1.5 European restructuring process
At the request of the debtor, the court must publicly announce the initiation of the restructuring proceedings in the edict (European restructuring proceedings). The advantage of this approach is that a block on enforcement can include all creditors (so-called general block on enforcement) and the procedure falls within the scope of the EuInsVO, which enables the cross-border recognition of the restructuring procedure.
2. Significant changes in the IO: Protection for new and bridging financing and other transactions in connection with the restructuring
Restructuring measures are to be facilitated by the fact that new financings, bridging financings and other transactions in connection with the restructuring are as far as possible protected from being challenged if insolvency proceedings are opened at a later date. New financings that are contained in a confirmed restructuring plan and bridging financings that have been approved by the court cannot be challenged as a disadvantageous legal transaction due to overindebtedness according to Section 31 (1) no.3 IO.
Furthermore, a catalog of protected transactions is provided, which should be protected against avoidance if they are appropriate and immediately necessary for the negotiation of a restructuring plan and have been carried out after the enforcement suspension has been granted (e.g. payment of fees and costs for the use of professional advice in close connection with the Restructuring or the payment of employee wages for work already done).
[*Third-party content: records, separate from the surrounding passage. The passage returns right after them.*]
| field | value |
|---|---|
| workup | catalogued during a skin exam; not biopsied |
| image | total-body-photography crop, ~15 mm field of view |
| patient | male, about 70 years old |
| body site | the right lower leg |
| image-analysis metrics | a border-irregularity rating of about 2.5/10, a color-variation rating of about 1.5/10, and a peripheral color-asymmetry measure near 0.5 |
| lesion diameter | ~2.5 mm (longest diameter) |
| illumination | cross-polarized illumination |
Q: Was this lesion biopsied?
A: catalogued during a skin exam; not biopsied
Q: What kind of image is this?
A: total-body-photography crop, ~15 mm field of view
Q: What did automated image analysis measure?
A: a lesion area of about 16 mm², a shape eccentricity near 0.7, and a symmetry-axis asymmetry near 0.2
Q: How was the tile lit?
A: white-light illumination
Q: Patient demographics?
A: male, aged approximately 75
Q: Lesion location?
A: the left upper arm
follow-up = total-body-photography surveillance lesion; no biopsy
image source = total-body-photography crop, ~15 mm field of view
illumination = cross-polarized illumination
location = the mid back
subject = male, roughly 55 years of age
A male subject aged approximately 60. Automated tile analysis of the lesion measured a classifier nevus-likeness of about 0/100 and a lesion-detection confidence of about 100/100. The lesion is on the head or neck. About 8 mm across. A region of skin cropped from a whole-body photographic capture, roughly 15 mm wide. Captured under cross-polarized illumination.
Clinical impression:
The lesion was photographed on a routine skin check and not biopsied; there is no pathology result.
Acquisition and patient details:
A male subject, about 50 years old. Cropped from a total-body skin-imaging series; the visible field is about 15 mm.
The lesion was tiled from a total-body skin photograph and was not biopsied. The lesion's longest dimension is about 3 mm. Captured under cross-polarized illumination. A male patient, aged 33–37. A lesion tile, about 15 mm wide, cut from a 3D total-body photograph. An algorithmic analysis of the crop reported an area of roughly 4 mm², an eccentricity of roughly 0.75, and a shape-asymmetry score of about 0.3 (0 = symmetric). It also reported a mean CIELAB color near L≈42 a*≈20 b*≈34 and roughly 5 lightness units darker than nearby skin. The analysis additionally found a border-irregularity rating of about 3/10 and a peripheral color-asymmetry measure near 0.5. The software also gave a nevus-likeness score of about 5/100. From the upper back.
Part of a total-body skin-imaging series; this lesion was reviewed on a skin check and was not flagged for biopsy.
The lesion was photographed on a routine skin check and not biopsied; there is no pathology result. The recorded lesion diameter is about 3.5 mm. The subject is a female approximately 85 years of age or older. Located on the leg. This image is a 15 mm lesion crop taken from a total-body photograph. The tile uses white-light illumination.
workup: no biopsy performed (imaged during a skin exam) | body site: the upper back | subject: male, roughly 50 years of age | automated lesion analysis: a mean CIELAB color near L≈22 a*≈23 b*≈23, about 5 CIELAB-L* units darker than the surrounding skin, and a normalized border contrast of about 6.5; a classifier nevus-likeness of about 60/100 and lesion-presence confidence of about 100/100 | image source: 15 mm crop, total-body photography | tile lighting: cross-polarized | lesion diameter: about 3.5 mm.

The protection against avoidance applies only if the plan has been confirmed by the court or if such transactions have been approved by the court.
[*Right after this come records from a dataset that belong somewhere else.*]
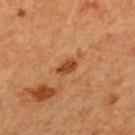No biopsy was performed on this lesion — it was imaged during a full skin examination and was not determined to be concerning.
On the upper back.
The tile uses cross-polarized illumination.
The lesion's longest dimension is about 2.5 mm.
A male patient, roughly 65 years of age.
A 15 mm close-up extracted from a 3D total-body photography capture.

Furthermore, the draft stipulates that avoidance periods are to be calculated from the day the insolvency proceedings are opened to be extended by the duration of an insolvency or overindebtedness existing during the restructuring process. This is to prevent abuse by postponing the insolvency proceedings and the associated expiration of the deadline.
B. Innovations for the discharge of natural persons
Due to the ongoing corona pandemic and the associated economic effects, the draft law provides that honest consumers are given the opportunity to pay off their debts after three years. This is to apply for a limited period of time for the next five years. In addition to the current five-year skimming procedure, a shortened skimming procedure (repayment plan) is to be introduced.